Diese Genre-Bezeichnung kam nach dem Erfolg von Nirvana (Grunge) und Rage Against The Machine (Crossover) auf. Die MTV-Sendung "Alternative Nation" Anfang der 1990er Jahre trug dabei entscheidend zur Verbreitung des Begriffes bei. Zu diesem Zeitpunkt waren die elektronischen Techno/House-Stile und kommerzieller R&B in den Charts dominierend. Die durch Nirvana entstandene Grunge-Welle stach mit ihrer klassisch gitarrenorientierten Musik deutlich hervor. Somit verstand sich der Begriff als eine "Alternative" zum gewohnten Programm. Der Begriff Grunge wurde durch die zunehmende musikalische Vielfalt dem Begriff Alternative untergeordnet. Das Prinzip steht in Analogie zum Punk Rock, der später dem Oberbegriff New Wave untergeordnet wurde.

Vor diesem Hintergrund ist Alternative ein Oberbegriff, der aus marktpolitischen und medienwirksamen Gründen platziert wurde. Dementsprechend reicht die musikalische Bandbreite von einfachem Folk Rock bis zu elektronisch inspirierter Musik. Das hat eine Definitionslosigkeit des Begriffes zur Folge, die das Einsortieren von Natalie Imbruglia bis Marilyn Manson erlaubt.


PUNK ROCK UN WEITERE STILRICHTUNGEN

In vielen Punk-Rock Abhandlungen findet man den falschen Verweis auf 1977. In diesem Jahr hatten die Sex Pistols (und die Ramones) ihren kommerziellen Durchbruch, jedoch schon lange vorher spielten amateurhafte Garagenbands wie die Stooges (siehe Protopunk) in New York diese Musikrichtung. Punkmusik zeichnet sich durch eine minimale Instrumentierung (Gitarre, Bass, Schlagzeug, Gesang) sowie die Einfachheit der Kompositionen (Schlagwort "drei Akkorde") aus.
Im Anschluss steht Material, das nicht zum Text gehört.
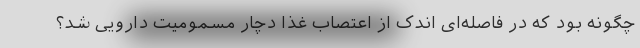
چگونه بود که در فاصله‌ای اندک از اعتصاب غذا دچار مسمومیت دارویی شد؟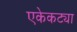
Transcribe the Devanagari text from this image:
एकेकट्या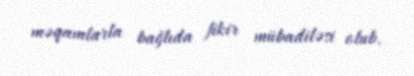
məqamlarla bağlıda fikir mübadiləsi olub.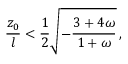
{ \frac { z _ { 0 } } { l } } < { \frac { 1 } { 2 } } \sqrt { - { \frac { 3 + 4 \omega } { 1 + \omega } } } \, ,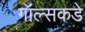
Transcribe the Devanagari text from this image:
गॉल्सकडे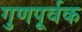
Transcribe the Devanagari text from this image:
गुणपूर्वक
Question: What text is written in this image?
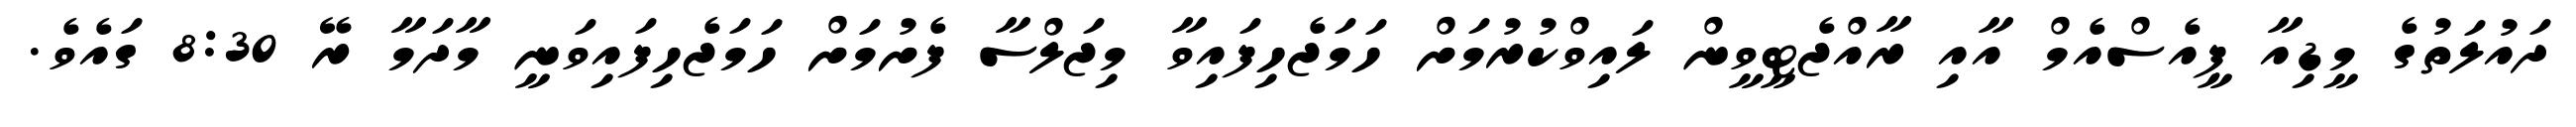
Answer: ދައުލަތުގެ މީޑިއާ ޕީއެސްއެމް އާއި ރާއްޖެޓީވީން ލައިވްކުރުމަށް ހަމަޖެހިފައިވާ މިޖަލްސާ ފެށުމަށް ހަމަޖެހިފައިވަނީ މާދަމާ ރޭ 8:30 ގައެވެ.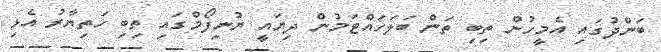
ބަންދުގައި އެމީހުން ތިބި ތަން ބަލަހައްޓަމުން ދިޔައީ ޔުނިފޯމްގައި ތިބި ހަތިޔާރު އެޅި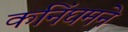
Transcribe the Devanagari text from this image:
कनिंघमने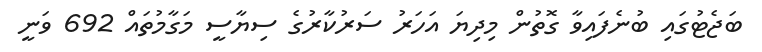
ބަޖެޓުގައި ބުނެފައިވާ ގޮތުން މިދިޔަ އަހަރު ސަރުކާރުގެ ސިޔާސީ މަގާމުތައް 692 ވަނީ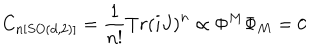
C _ { n [ S O ( d , 2 ) ] } = \frac { 1 } { n ! } T r \left( i J \right) ^ { n } \propto \Phi ^ { M } \Phi _ { M } = 0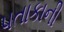
પતાકાની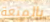
بالمتعة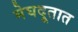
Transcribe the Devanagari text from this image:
मेघदूतात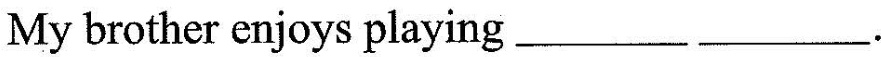
My brother enjoys playing___ ___.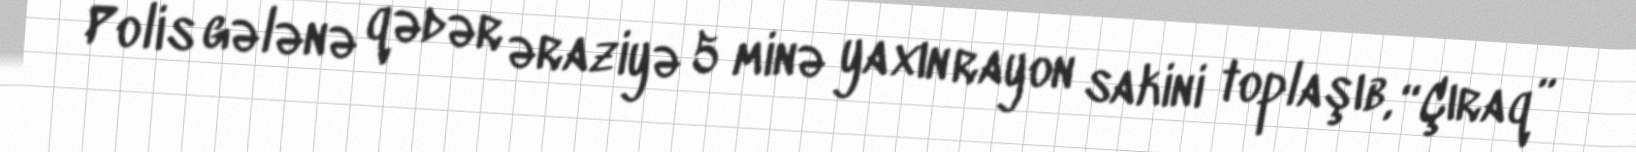
Polis gələnə qədər əraziyə 5 minə yaxın rayon sakini toplaşıb, “Çıraq”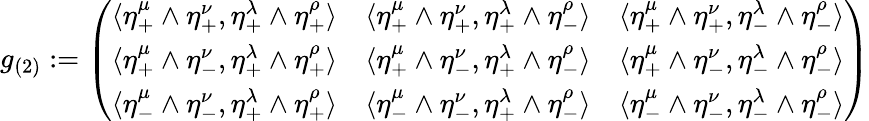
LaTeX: g_{(2)}:=\left(\begin{array}{ccc}{{\langle\eta_{+}^{\mu}\wedge\eta_{+}^{\nu},\eta_{+}^{\lambda}\wedge\eta_{+}^{\rho}\rangle}}&{{\langle\eta_{+}^{\mu}\wedge\eta_{+}^{\nu},\eta_{+}^{\lambda}\wedge\eta_{-}^{\rho}\rangle}}&{{\langle\eta_{+}^{\mu}\wedge\eta_{+}^{\nu},\eta_{-}^{\lambda}\wedge\eta_{-}^{\rho}\rangle}}\\ {{\langle\eta_{+}^{\mu}\wedge\eta_{-}^{\nu},\eta_{+}^{\lambda}\wedge\eta_{+}^{\rho}\rangle}}&{{\langle\eta_{+}^{\mu}\wedge\eta_{-}^{\nu},\eta_{+}^{\lambda}\wedge\eta_{-}^{\rho}\rangle}}&{{\langle\eta_{+}^{\mu}\wedge\eta_{-}^{\nu},\eta_{-}^{\lambda}\wedge\eta_{-}^{\rho}\rangle}}\\ {{\langle\eta_{-}^{\mu}\wedge\eta_{-}^{\nu},\eta_{+}^{\lambda}\wedge\eta_{+}^{\rho}\rangle}}&{{\langle\eta_{-}^{\mu}\wedge\eta_{-}^{\nu},\eta_{+}^{\lambda}\wedge\eta_{-}^{\rho}\rangle}}&{{\langle\eta_{-}^{\mu}\wedge\eta_{-}^{\nu},\eta_{-}^{\lambda}\wedge\eta_{-}^{\rho}\rangle}}\end{array}\right)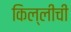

Der Sound ist geprägt durch übersteuerte Gitarren, eine hohe Taktgeschwindigkeit und raue Stimmen. Die Texte haben bei Punk und Punk-Rock bisweilen einen politischen Inhalt. Der programmatische Ansatz der Simplizität bescherte der Punkmusik zwar in ihrer Anfangszeit einen großen Auftrieb, war in der Folge jedoch die Ursache für eine Übersättigung durch unzulängliche Musiker mit wenig kreativem Potential, einhergehend mit einer Kommerzialisierung und Vereinnahmung als Modetrend. Die weitere Entwicklung kann in drei Richtungen unterteilt werden: 1. Bands, die dem musikalischen Credo treu blieben und in ihren Aussagen zunehmend politischer wurden, wie zum Beispiel The Clash, Ramones, später die Hardcore Punk-Bewegung, 2. Gruppierungen, die zunehmend unter Show-Aspekten operierten, wie etwa Sex Pistols und 3. Künstler, die sich in andere musikalische Felder weiterentwickelten, aber den Gedanken des Punk als Gegenkultur übernahmen (z.B. New Wave- und Independent-Bands).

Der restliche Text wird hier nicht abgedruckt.